→ **Goal of the exercise**
Leave out the pictures and copy every record exactly.

=== Section Start ===

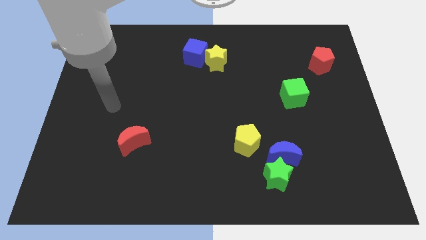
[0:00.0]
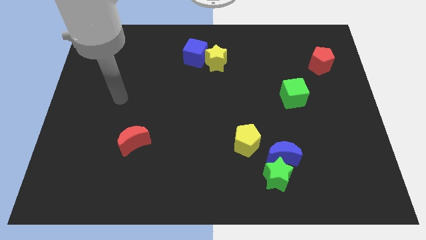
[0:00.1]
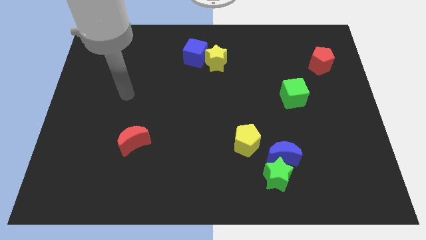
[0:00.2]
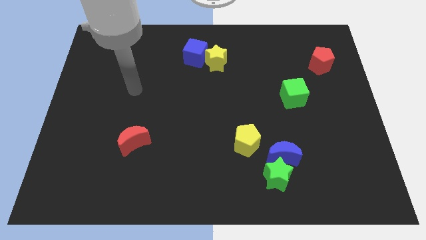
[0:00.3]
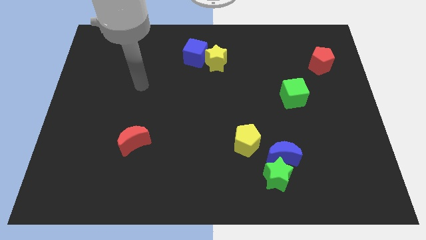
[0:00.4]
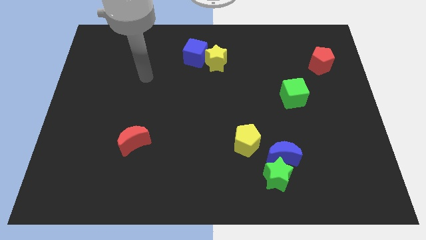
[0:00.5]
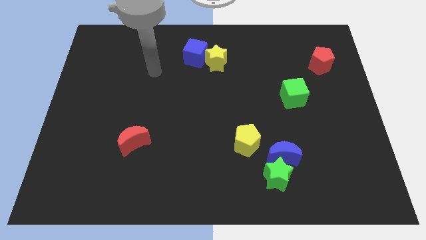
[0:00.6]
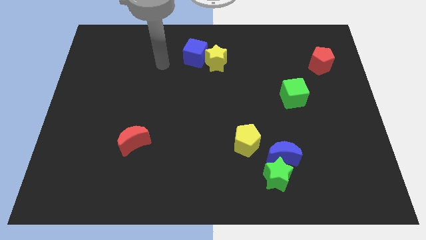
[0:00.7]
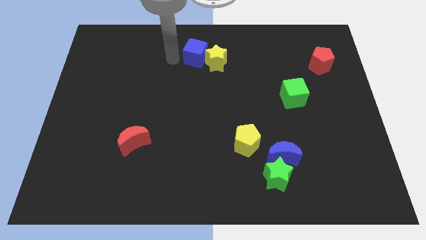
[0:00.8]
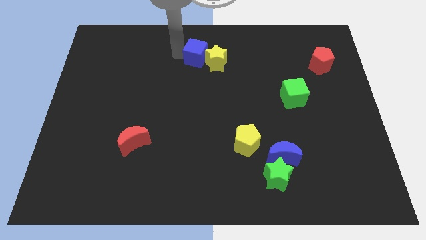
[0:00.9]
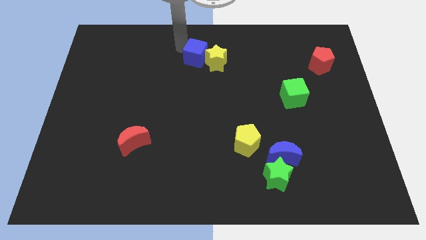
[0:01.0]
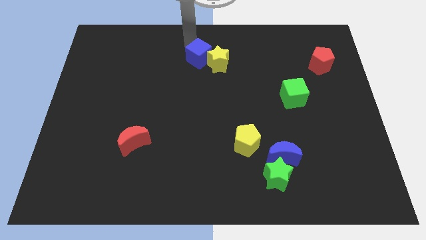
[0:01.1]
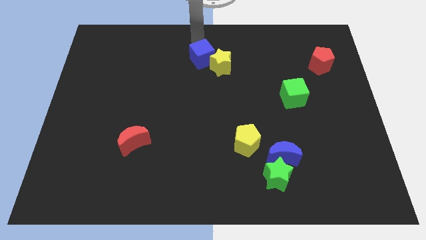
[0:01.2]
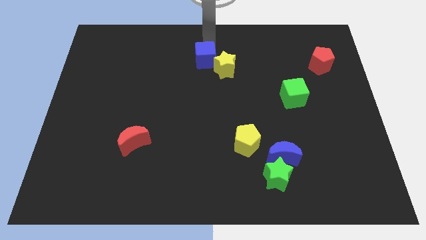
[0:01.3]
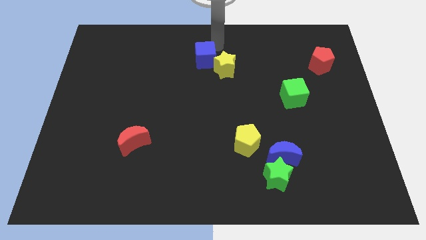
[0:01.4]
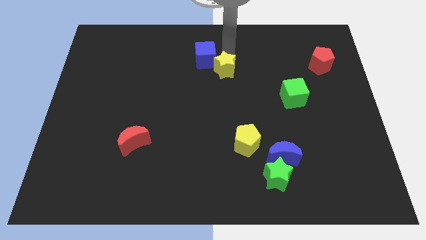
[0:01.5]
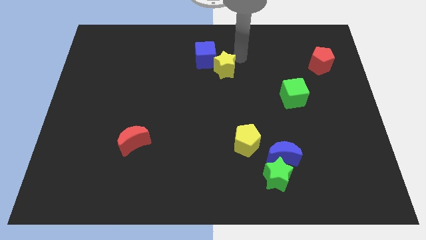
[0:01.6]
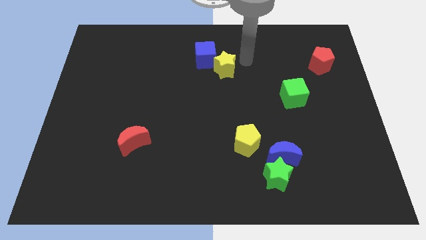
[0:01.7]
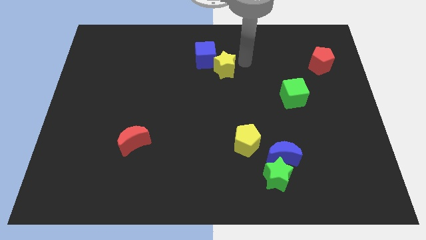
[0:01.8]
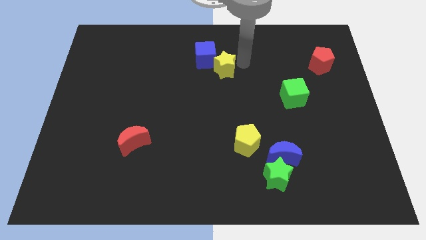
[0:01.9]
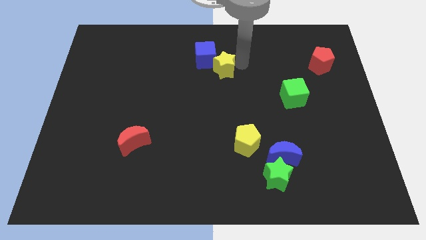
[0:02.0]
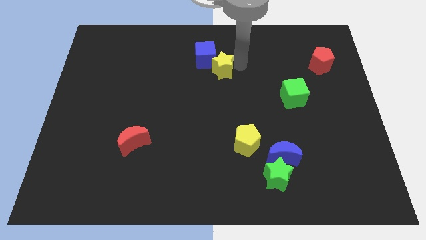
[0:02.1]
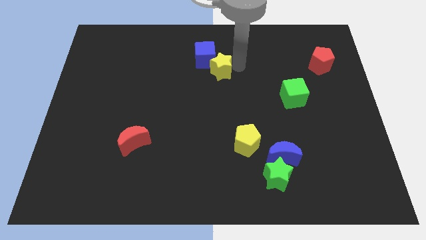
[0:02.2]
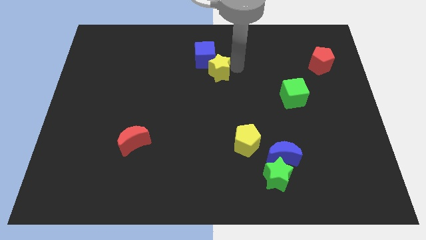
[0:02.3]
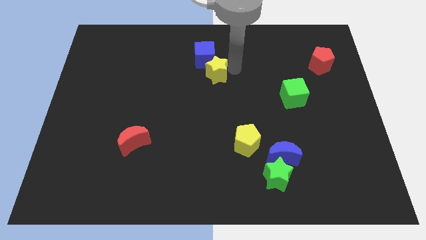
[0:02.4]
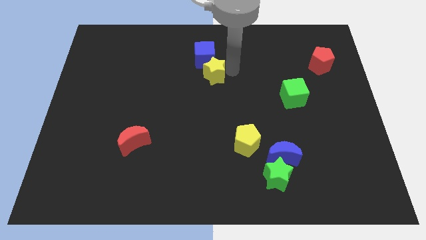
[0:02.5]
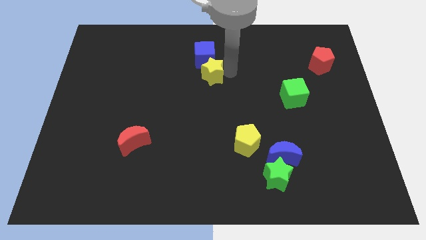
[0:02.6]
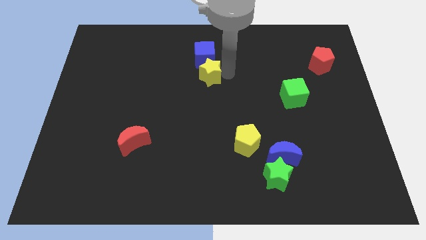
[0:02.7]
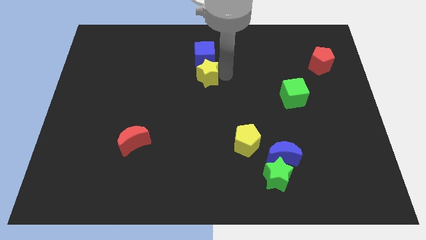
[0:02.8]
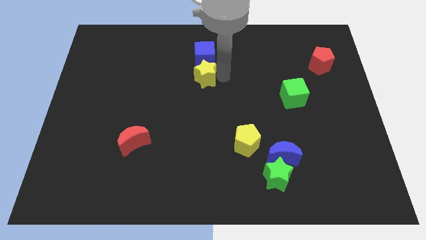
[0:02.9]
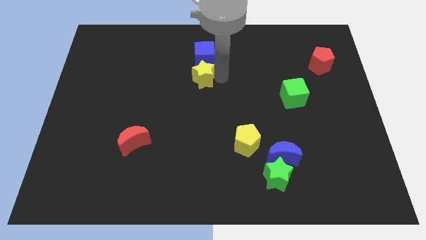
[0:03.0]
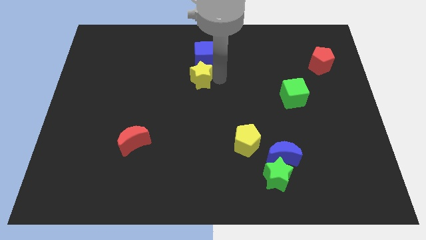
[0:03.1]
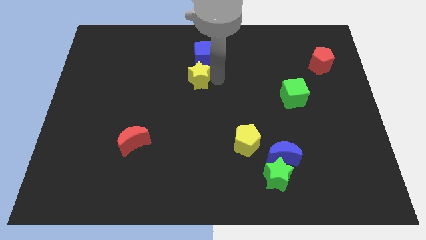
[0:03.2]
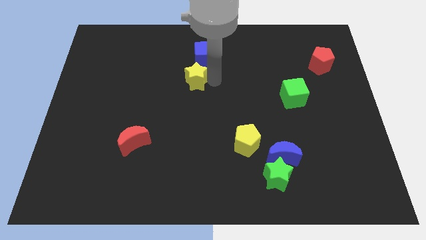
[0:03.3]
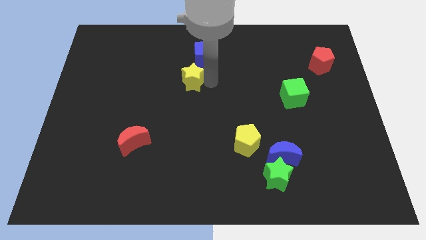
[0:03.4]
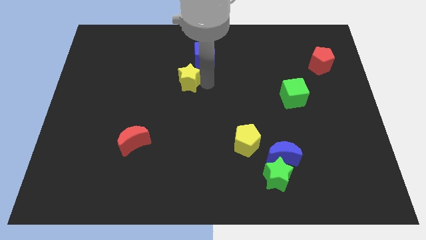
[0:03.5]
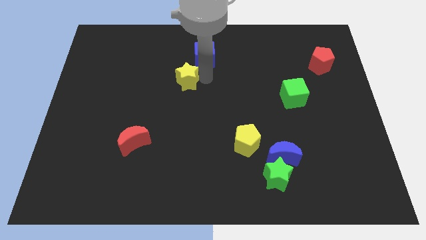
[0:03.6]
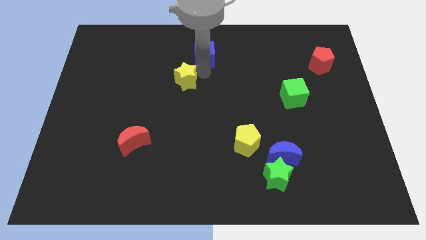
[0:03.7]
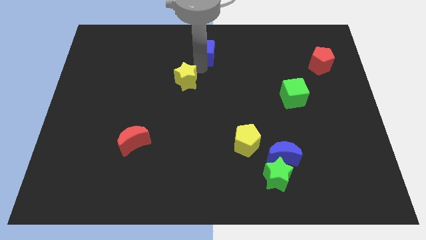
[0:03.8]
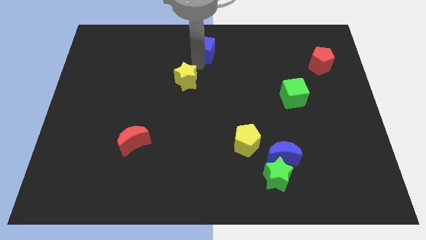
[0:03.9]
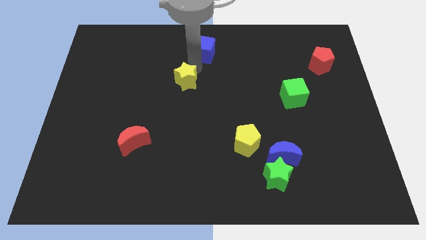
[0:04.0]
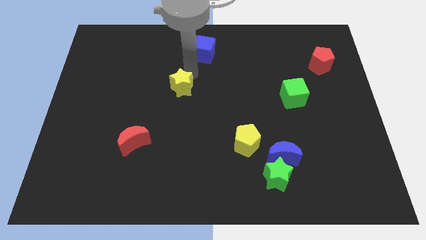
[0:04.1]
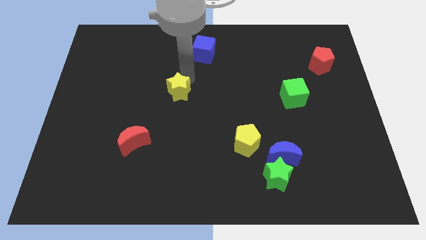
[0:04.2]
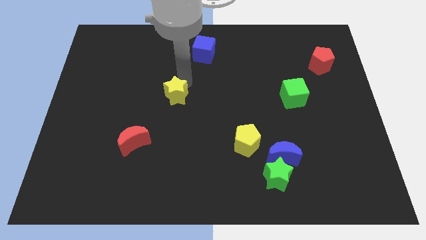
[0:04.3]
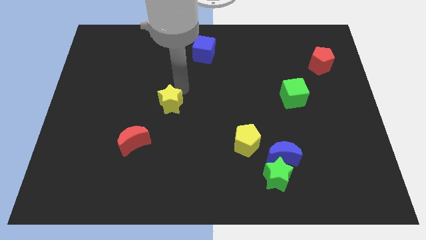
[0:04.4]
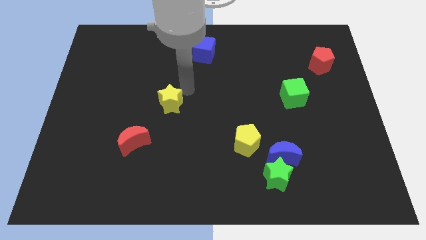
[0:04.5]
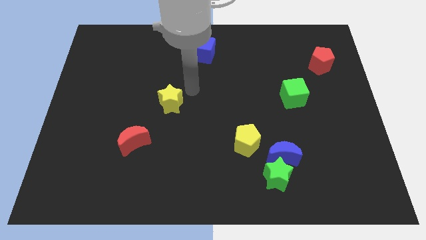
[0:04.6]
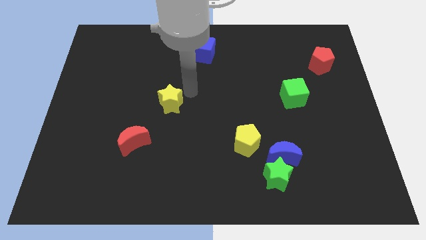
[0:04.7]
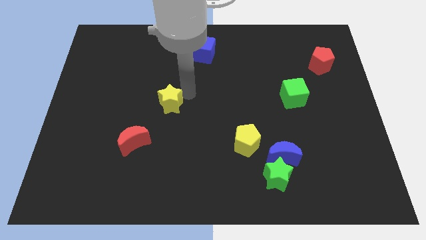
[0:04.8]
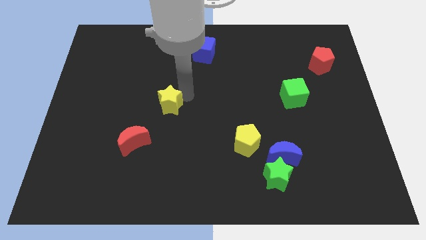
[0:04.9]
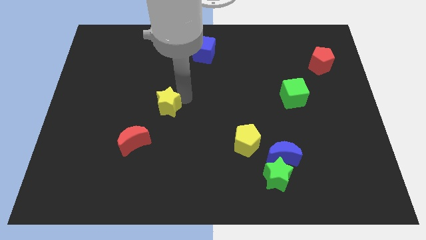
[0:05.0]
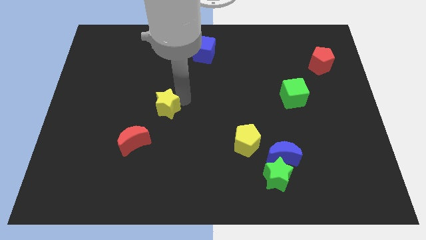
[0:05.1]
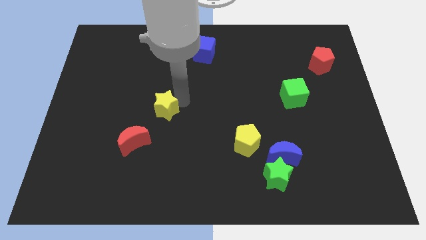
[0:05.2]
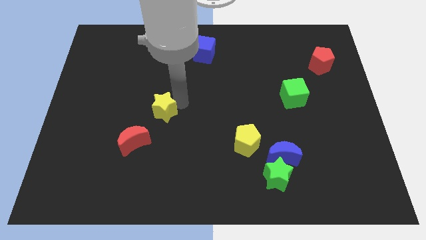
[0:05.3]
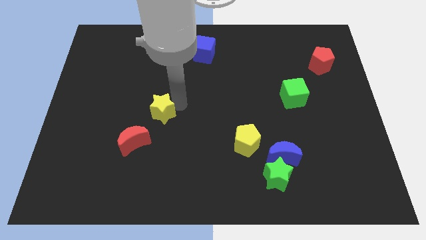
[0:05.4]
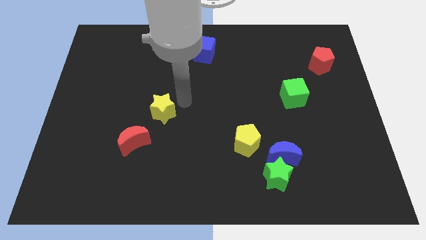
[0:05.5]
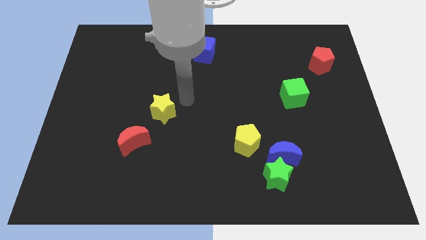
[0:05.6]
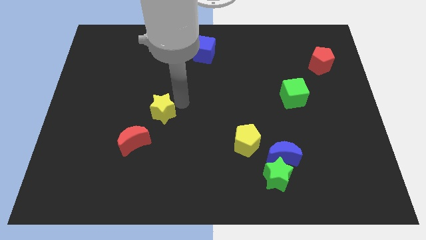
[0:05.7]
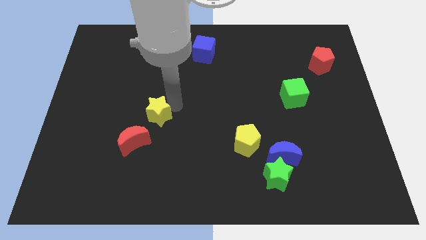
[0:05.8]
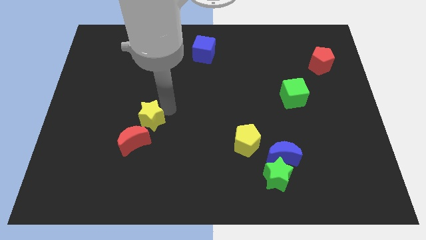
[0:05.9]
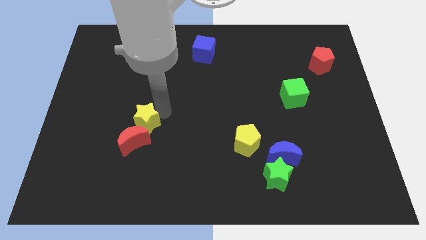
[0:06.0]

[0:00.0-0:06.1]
move the yellow star next to the red moon

=== Section End ===

→ **Solution to this exercise**
[0:00.0]
[0:00.1]
[0:00.2]
[0:00.3]
[0:00.4]
[0:00.5]
[0:00.6]
[0:00.7]
[0:00.8]
[0:00.9]
[0:01.0]
[0:01.1]
[0:01.2]
[0:01.3]
[0:01.4]
[0:01.5]
[0:01.6]
[0:01.7]
[0:01.8]
[0:01.9]
[0:02.0]
[0:02.1]
[0:02.2]
[0:02.3]
[0:02.4]
[0:02.5]
[0:02.6]
[0:02.7]
[0:02.8]
[0:02.9]
[0:03.0]
[0:03.1]
[0:03.2]
[0:03.3]
[0:03.4]
[0:03.5]
[0:03.6]
[0:03.7]
[0:03.8]
[0:03.9]
[0:04.0]
[0:04.1]
[0:04.2]
[0:04.3]
[0:04.4]
[0:04.5]
[0:04.6]
[0:04.7]
[0:04.8]
[0:04.9]
[0:05.0]
[0:05.1]
[0:05.2]
[0:05.3]
[0:05.4]
[0:05.5]
[0:05.6]
[0:05.7]
[0:05.8]
[0:05.9]
[0:06.0]

[0:00.0-0:06.1]
move the yellow star next to the red moon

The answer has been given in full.